Professor (born 1948)

Ronnie Kosloff (Hebrew: רוני קוזלוב; born July 26, 1948) is a professor of theoretical chemistry at the Institute of Chemistry and Fritz Haber Center for Molecular Dynamics, Hebrew University of Jerusalem.

==Education and career==
Ronnie Kosloff grew up in Jerusalem and then moved to Haifa in Israel. He graduated from Hebrew Reali School in Haifa in 1966.
He joined the armoured corps of the Israel Defence Force. He studied at the Hebrew University from 1969
to 1978 when he obtained his PhD. From 1978 to 1980 he was a post doctoral fellow at the University of Chicago.
Ronnie Kosloff joined the Hebrew University faculty at 1981 where he serves as a Sonneborn professor of theoretical chemistry.

==Research==
Ronnie Kosloff contributed to the theory of quantum molecular dynamics.
He developed methods to follow the evolution of a molecular system by solving the time dependent Schrödinger equation.
Together with David Tannor and Stuart A Rice they originated the pump-dump scheme for coherent control.
 The idea of coherent control was extended to Unitary transformations, a key
ingredient in quantum gates.
More recent work is on coherent control of binary chemical reactions.

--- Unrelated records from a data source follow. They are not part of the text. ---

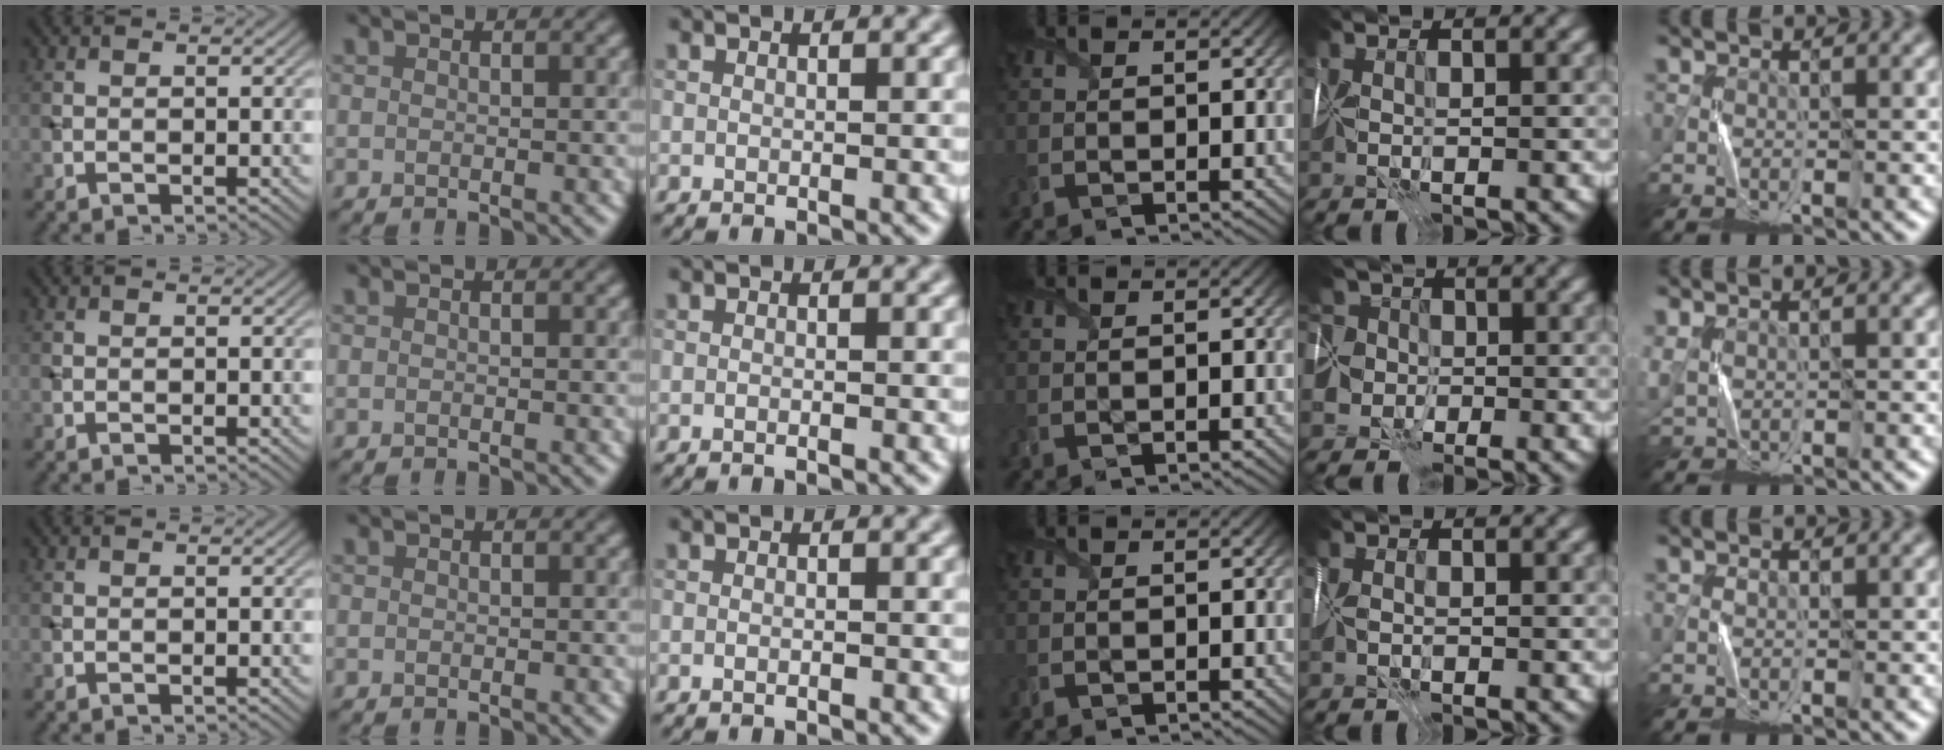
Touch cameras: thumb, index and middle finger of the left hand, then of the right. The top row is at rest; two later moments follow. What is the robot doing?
{"motion": "fold", "object": "map"}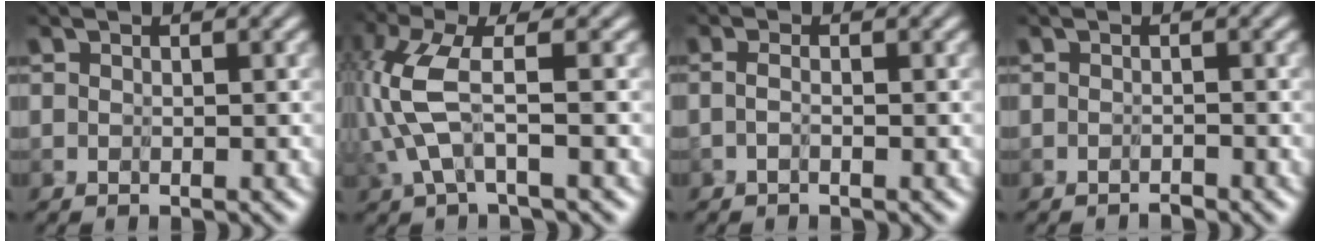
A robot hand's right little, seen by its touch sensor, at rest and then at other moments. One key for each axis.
{"total": 4.3, "fx": -0.4, "fy": 0.6, "fz": 4.2, "tx": -0.133, "ty": 0.015, "tz": -0.013}
{"total": 1.2, "fx": -0.9, "fy": -0.8, "fz": -0.2, "tx": 0.003, "ty": 0.001, "tz": -0.014}
{"total": 1.8, "fx": -1.5, "fy": -0.4, "fz": -0.9, "tx": 0.021, "ty": 0.000, "tz": -0.027}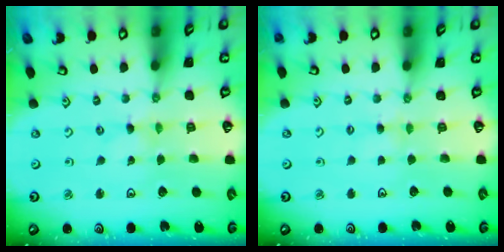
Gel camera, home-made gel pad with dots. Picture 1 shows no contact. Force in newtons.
{"total": 2.7, "press": 2.7, "slide": 0.4}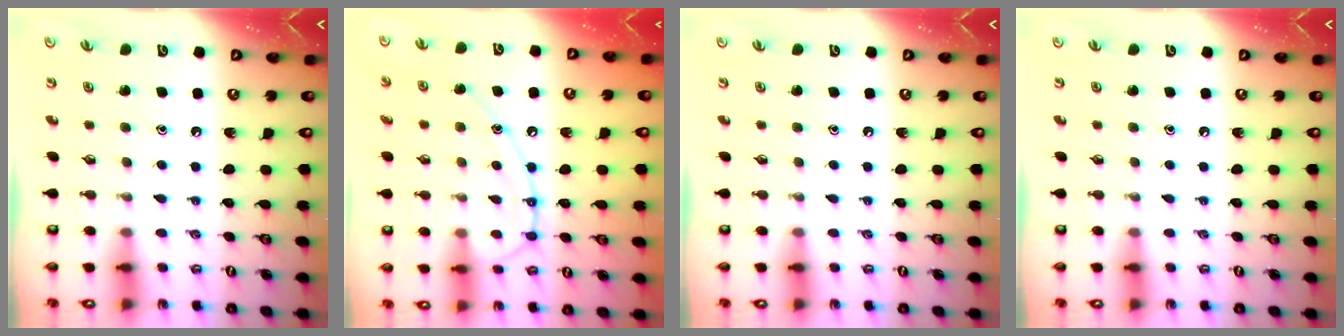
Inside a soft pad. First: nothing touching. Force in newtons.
{"total": 13.2, "press": 13.1, "slide": 1.2}
{"total": 0.0}
{"total": 0.0}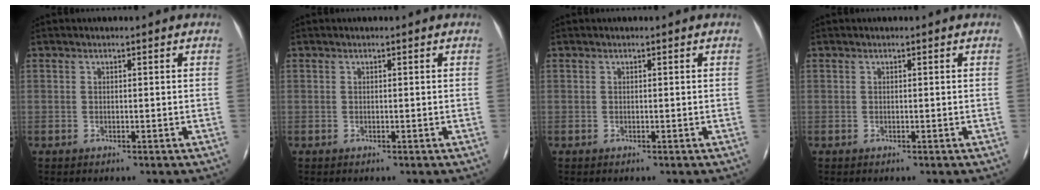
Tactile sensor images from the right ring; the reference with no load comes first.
{"total": 0.0}
{"total": 0.0}
{"total": 0.0}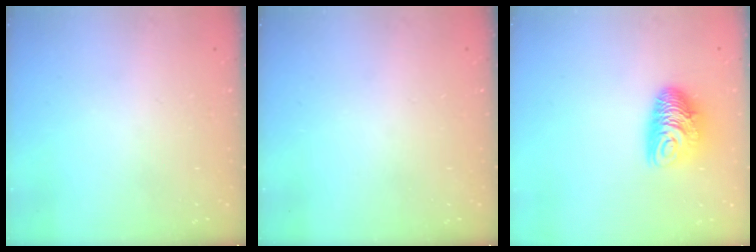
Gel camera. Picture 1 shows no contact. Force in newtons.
{"total": 0.0}
{"total": 9.8, "press": 9.8, "slide": 0.5}

Ronnie Kosloff originated the dynamical study of quantum heat engines. This study is part of the emerging field of quantum thermodynamics.

==Honors and awards==
Ronnie Kosloff is a member of the International Academy of Quantum Molecular Science and Academia Europaea.
He won the Feher Prize for distinguished researchers in science in 1995. He won the Kolthoff Prize of the Technion – Israel Institute of Technology in 2003.
He won the Israel Chemical Society Prize of Excellence in 2007.
He is an Alexander von Humboldt fellow 2019.